RECORDS SUPPLIED |
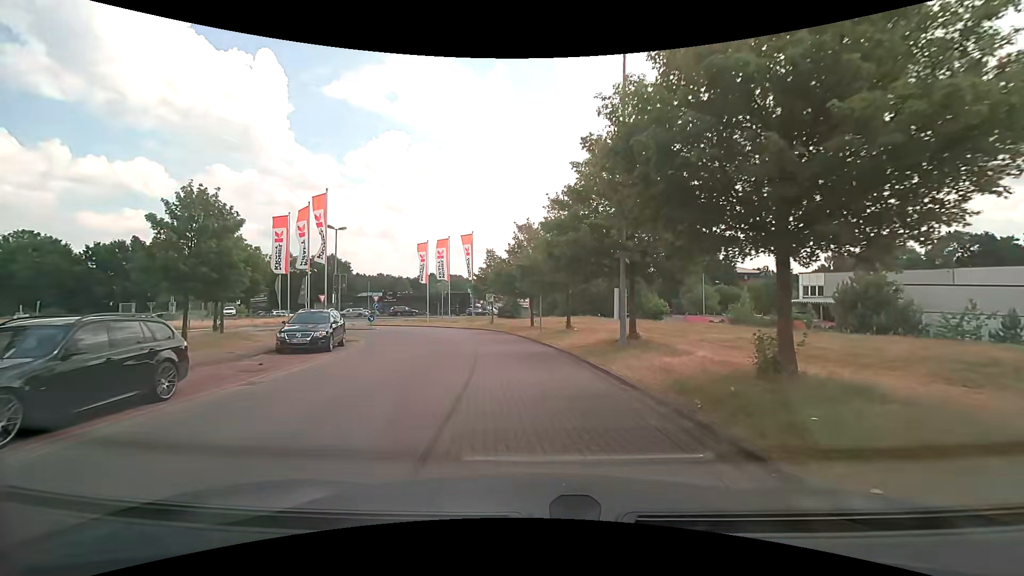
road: service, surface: asphalt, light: Day
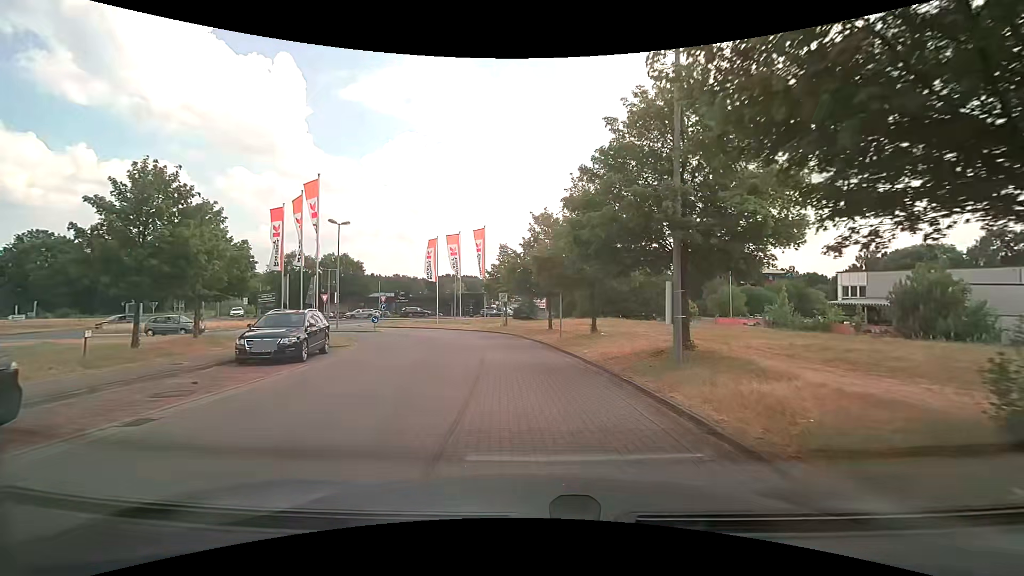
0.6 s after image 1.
(0.0, +3.5) m; -1°
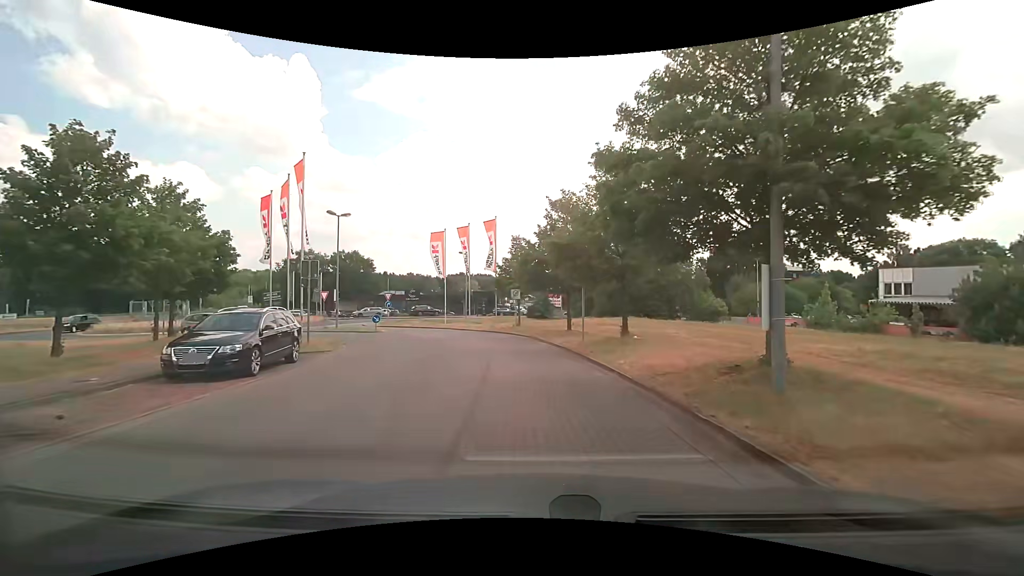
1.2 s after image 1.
(-0.1, +3.4) m; -2°
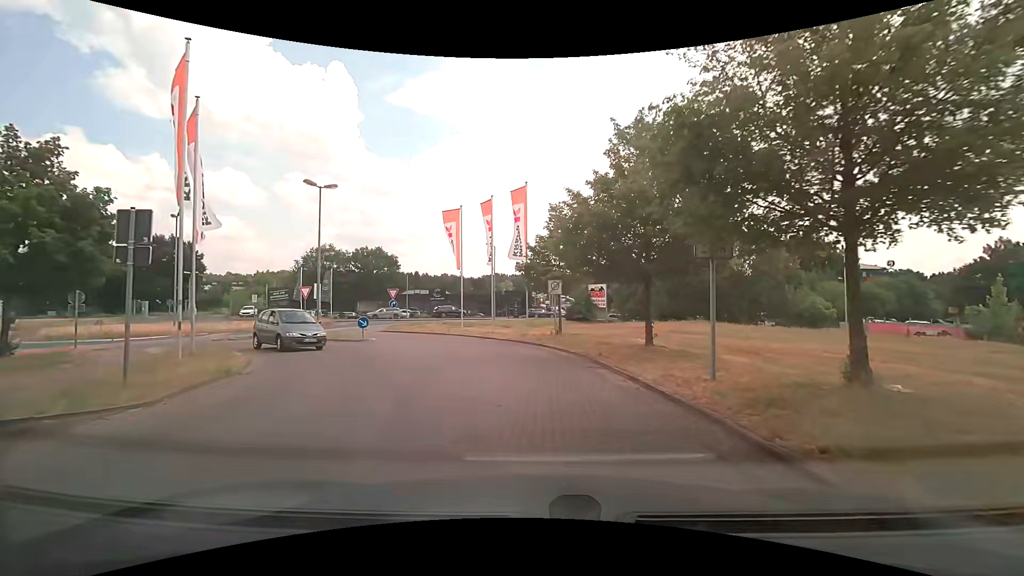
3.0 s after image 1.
(-0.3, +9.9) m; -5°
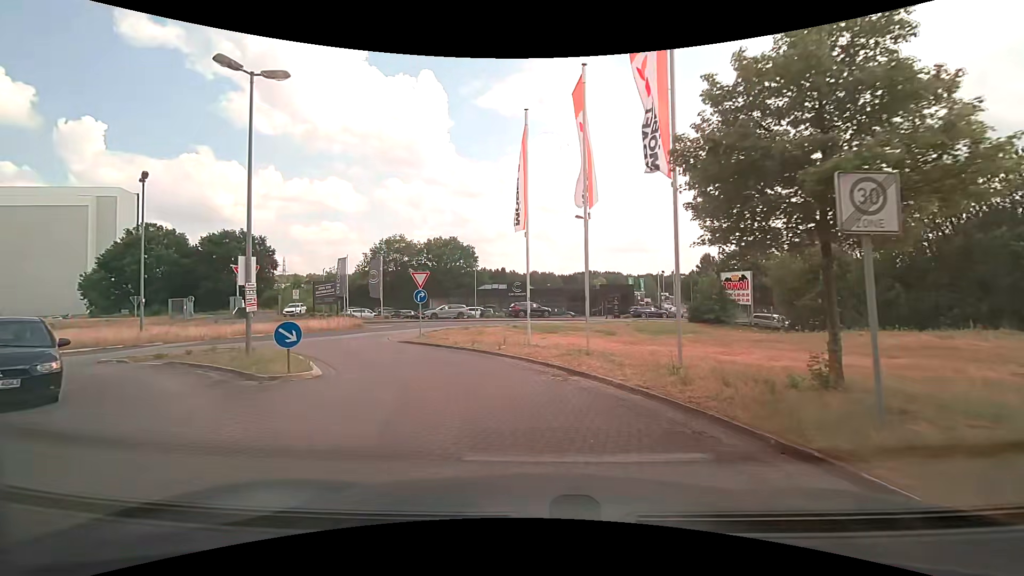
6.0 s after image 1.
(-0.8, +15.5) m; -10°
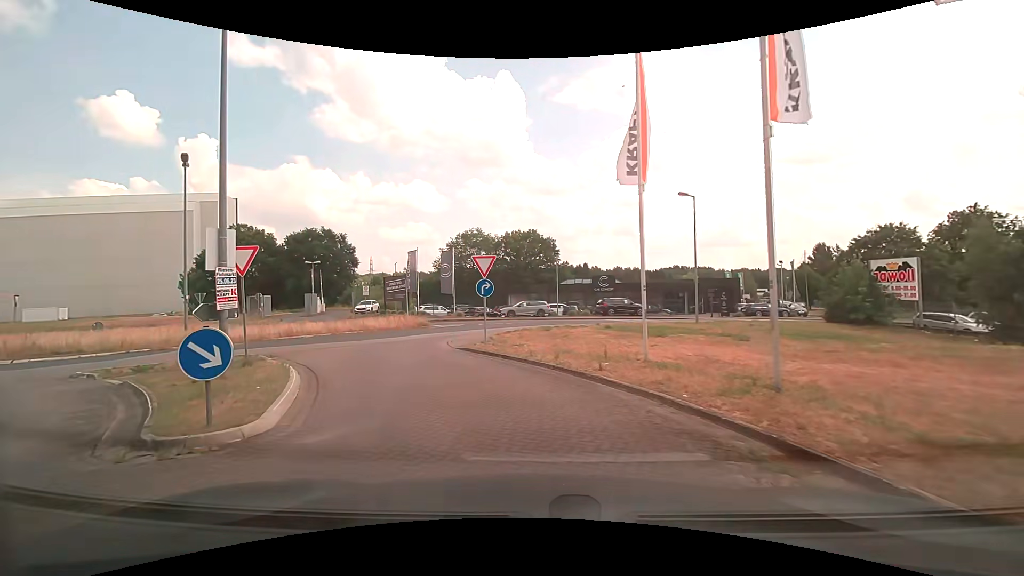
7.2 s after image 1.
(-0.4, +5.9) m; -9°
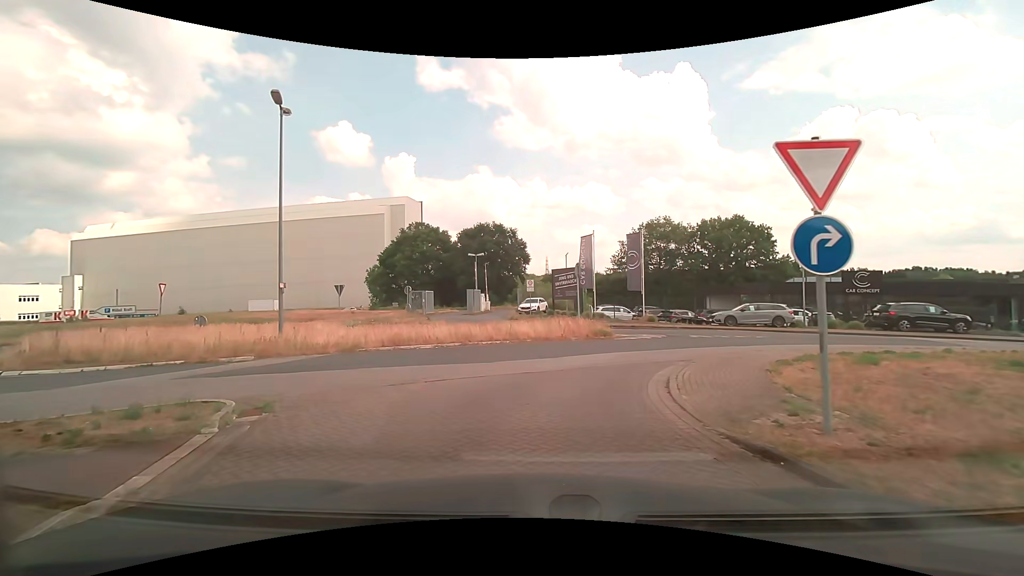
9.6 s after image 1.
(-1.9, +10.9) m; -20°
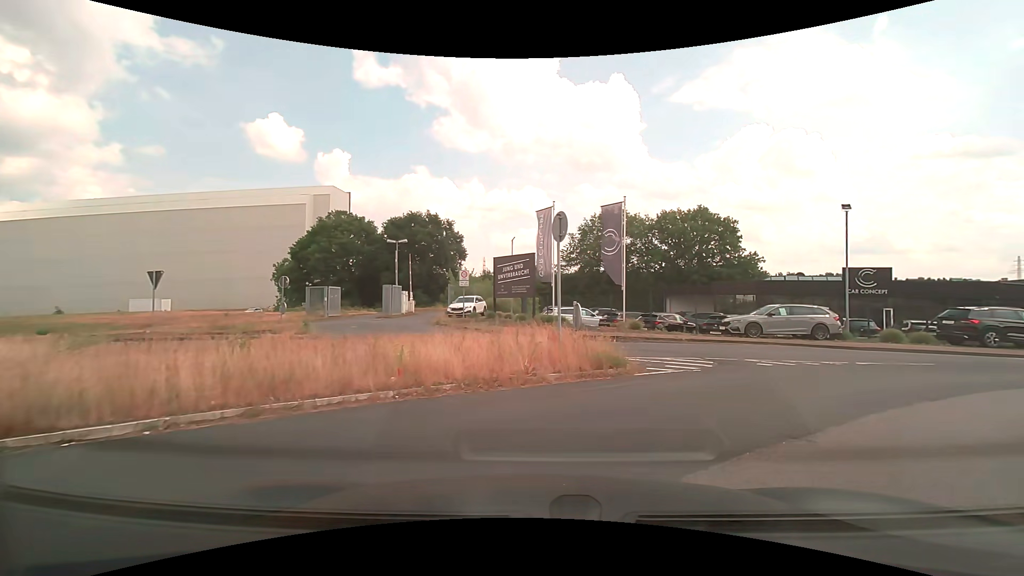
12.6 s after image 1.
(-0.1, +10.9) m; +8°
(+4, +9) (+12, +14) (+22, +16) (+32, +17) (+42, +18) (+49, +24) (+52, +34) (+54, +44) (+58, +53) (+63, +61) m

TASK TO CARRY OUT | Skip the pictures and reproduce all remaining entries exactly.

EXPECTED OUTPUT |
road: service, surface: asphalt, light: Day
0.6 s after image 1.
(0.0, +3.5) m; -1°
1.2 s after image 1.
(-0.1, +3.4) m; -2°
3.0 s after image 1.
(-0.3, +9.9) m; -5°
6.0 s after image 1.
(-0.8, +15.5) m; -10°
7.2 s after image 1.
(-0.4, +5.9) m; -9°
9.6 s after image 1.
(-1.9, +10.9) m; -20°
12.6 s after image 1.
(-0.1, +10.9) m; +8°
(+4, +9) (+12, +14) (+22, +16) (+32, +17) (+42, +18) (+49, +24) (+52, +34) (+54, +44) (+58, +53) (+63, +61) m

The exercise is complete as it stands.